Robin,

You are to be commended for opening up to everyone like that. I know it must not be easy to put your personal feelings out there for all to see. I look at you as such a brave, kind-hearted, compassionate person. Your son is wrong. There is nothing about you that is loser-ish. I am sure he doesn't mean that. I know he loves you like crazy and if he knew how much it hurt you, he probably wouldn't have said anything.

To deal with a serious disease or illness almost always involves depression. I went through a similar thing as you. When I was diagnosed with diabetes, my mom was crushed. I felt like I had to be strong for my family and act braver than I was. I eventually got to the point though where I started breaking down because I had never dealt with my feelings. I've been through some bad episodes of feeling depressed. My doctor kept trying to put me on drugs, but I refused. I think they throw those in our faces way too much. I'm sure they really help a lot of people, but I personally don't like to take a bunch of medications. I also never felt comfortable with counseling.

What I find helps me might not help the next person. I still have moments where I want to break down, but I usually take a deep breath and try to let it go. I try to pick out the positive things in all situations. Even if it feels like the world is crumbling around you, there will always be something that is positive. I focus on that and try to create more positives from it. I also started doing Yoga. I'm not very good at it and probably look like a fish out of water flopping around, but I promise it is SOOO relaxing. It really clears my mind and allows me to approach my day much more calmly. I just grabbed a few cheap beginner DVDs at Walmart. Even if I don't physically do it, sometimes I'll still pop the tape in because it is soothing to listen to. Breathing exercises help tremendously.

I also sympathize with you on the weight issue. I've gained a massive amount of weight which has been really hard on me. I was so active in high school and was in incredible shape. Now after college, I'm a big diabetic blob. I fear social situations because I feel too fat. I always like to be under blankets and wear baggy clothes (really sucky in Texas when it is SO hot and humid). I try to run to food as a comfort, but that generally makes it worse. When I start eating right, I notice a difference in my attitude and appearance. I usually regress back at some point though. The first step is the hardest in losing weight. After that, each step gets a little easier.
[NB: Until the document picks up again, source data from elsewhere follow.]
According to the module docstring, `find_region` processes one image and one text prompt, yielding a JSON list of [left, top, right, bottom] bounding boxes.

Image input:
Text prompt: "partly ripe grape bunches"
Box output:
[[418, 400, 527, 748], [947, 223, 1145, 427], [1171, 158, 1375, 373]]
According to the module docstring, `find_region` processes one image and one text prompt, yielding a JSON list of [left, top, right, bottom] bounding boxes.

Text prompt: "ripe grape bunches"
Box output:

Ok, I probably didn't tell you anything helpful, but I wanted you to know that I understand a little of how you feel. I'm here for you if you ever need to talk, as I'm sure many other PTers are. We all love you so much. Cancer survivors are such strong, incredible people. I think you are so brave to go through what you did. I know everyone that has met you thinks the world of you. I think the world of you and I haven't even met you! You're a beautiful person with the prettiest twinkling eyes... and a beauty on the inside to match. I'll be praying you can find something to help you out of your depression. Some people can do it without drugs and counseling, so I realy hope you can find that one thing to pull you out.